I’m also still a daughter, to my Mom who deserves my attention too. My kids have school plays, swim meets, doctor appointments… But, I’m still grieving. How can they expect me to act normal and just do everything they need? After all, I did “just” lose my Dad.

Life doesn’t wait for grief. In a few weeks it will be exactly one year since my brother called to tell me that our Dad had a heart attack. My siblings and I hit the road the next day, my brother drove through the night, my nephews kept us in good spirits and we introduced my sister to Starbucks. We had some much needed bonding time, we were able to be his kids again in that moment. Since then I think we realized we still need each other as adults more than we thought. A lot happens in a year, and I should be fine now. It’s not new, I should be used to this. But, I’m still grieving.

There are so many days that I feel like I’m getting better with controlling my emotions. Then comes the emotional storm, when I least expect it. Sometimes when I walk into a room I feel like I should tell everyone, “I’m still grieving so please, just be patient.” There are times when I feel like people can actually tell just by looking at me. Then I have the days that I dread anybody asking how I’m doing. I should be fine, and I say that I am, but on the inside I can feel the emotional storm coming.

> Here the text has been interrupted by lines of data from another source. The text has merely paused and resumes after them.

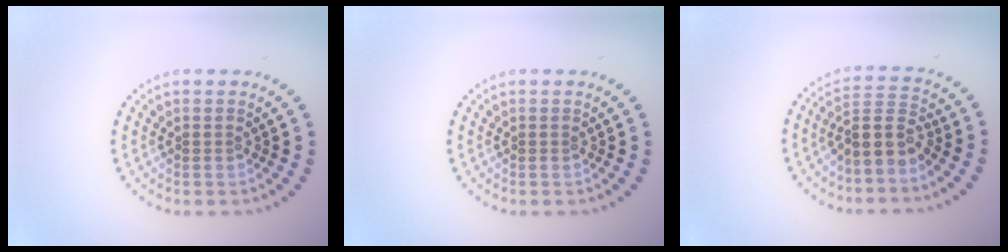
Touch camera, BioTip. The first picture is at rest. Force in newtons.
{"total": 0.0}
{"total": 3.5, "press": 3.0, "slide": 1.8}
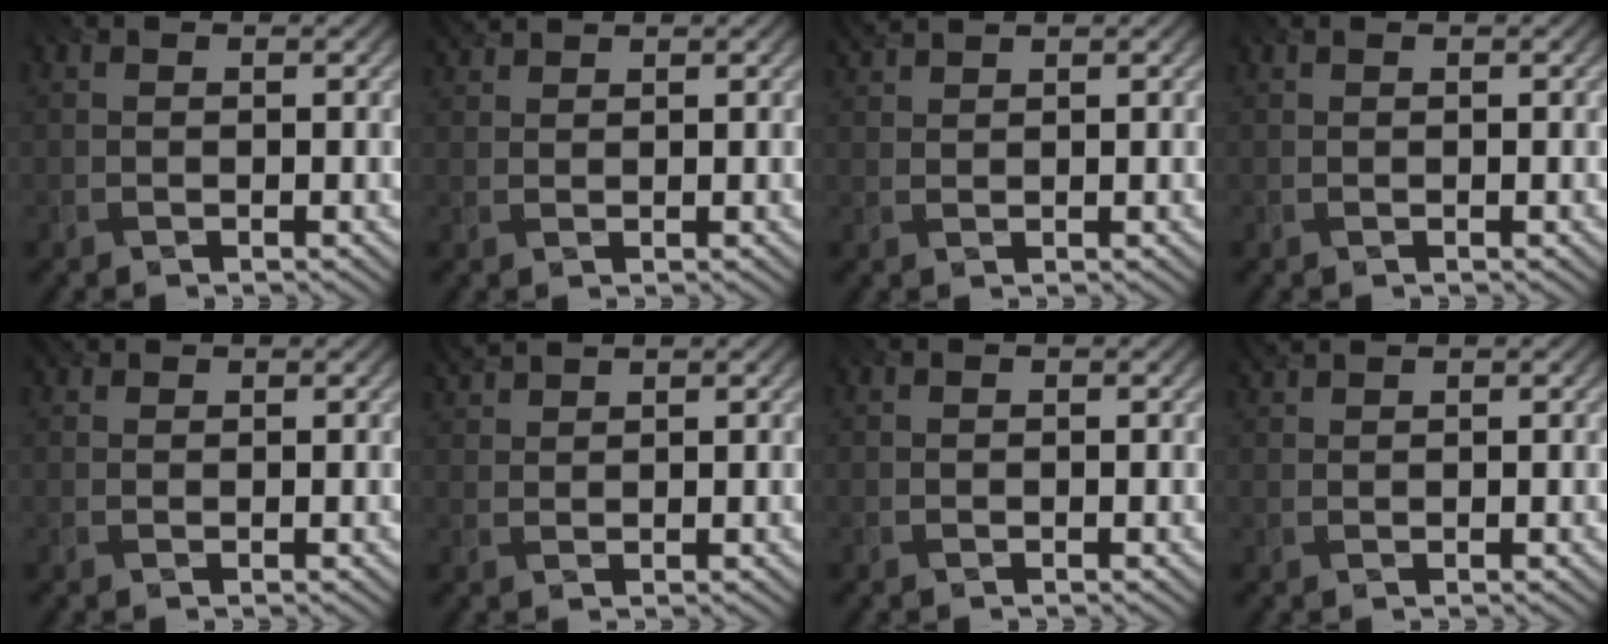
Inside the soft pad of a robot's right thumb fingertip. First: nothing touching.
{"total": 2.2, "force": [2.0, 0.3, 0.8], "torque": [-0.021, 0.007, 0.037]}
{"total": 2.2, "force": [2.0, 0.1, 0.9], "torque": [-0.024, 0.006, 0.038]}
{"total": 0.0}
{"total": 1.2, "force": [1.1, 0.4, 0.5], "torque": [-0.010, 0.005, 0.021]}
{"total": 2.9, "force": [2.6, 0.4, 1.1], "torque": [-0.031, 0.009, 0.049]}
{"total": 0.0}
{"total": 1.8, "force": [1.6, 0.0, 0.8], "torque": [-0.018, 0.006, 0.030]}

The hardest part is quietly suffering. A friend or my husband will call to just say hi, and I want to yell, “Don’t you understand that I’m still grieving, my Dad just died!” I feel like people should walk on eggshells around me, but I also get angry when they think I’m weak and still struggling. At times, I tell anyone that will listen, because I’m worried I’ve annoyed my close friends and family by still being so upset. I try to just go on about my daily Mom business because I don’t ever want my kids to remember me as sad or angry. The truth is, I have cried a lot in front of them this past year. It was not easy for me, but it’s really OK.

I’m a grieving daughter, I’m human and full of emotion. I’m a Mom, wife, sister, aunt, friend… I’m learning that sometimes you have to just let it out. I’m realizing my kids won’t think that I’m a weak person, or that I’m a sad and angry Mom. It’s a part of life that everyone goes through. Sometimes as parents we beat ourselves up and we try to protect our kids from feeling our pain. Nobody wants their kids experience painful events, but grieving for someone is just something we can’t avoid.

After trying to be “strong” and getting through it on my own, I finally listened to my husband and decided to talk to somebody about this. I was so tired of being angry, crying and trying to understand what happened. I wanted a timeline, like an actual day that I could expect to be done going through the process of grief. I realize that was a ridiculous statement as it came out of my mouth. I have a lot of things that still stir up my emotions, but the days seem to be getting easier.

I still miss my Dad and that will never go away, it’s an intense feeling more often than not. I feel like I missed so much time with him, and I know my siblings feel the same. I know we will never get that time back. All we can do is move forward and make the most of the time we have, and make sure we spend it with people we love.

Being a grieving daughter and trying to get through the daily duties as a Mom is hard. Harder than I ever imagined. That’s the thing, the thing I’m starting to learn about grief. It’s hard, at times almost impossible to carry on like normal, but I’m still here. I have to live my life and enjoy my family, even if it feels like a storm is coming. The storm will pass, I’ll still be here. I may feel a little rattled, a lot rattled even, but there will be sunny days filled with happy memories still.

About four days before my Dad passed away he sent me a text message. I will always remember, and hold his words close to my heart.

“Hi honey. Please always keep the kids as close as you can. They grow up so fast. Don’t make my mistakes. I miss you so much and love you so much more…Dad”

This is one of my favorite pictures of us. I was four, and he was my silly best friend!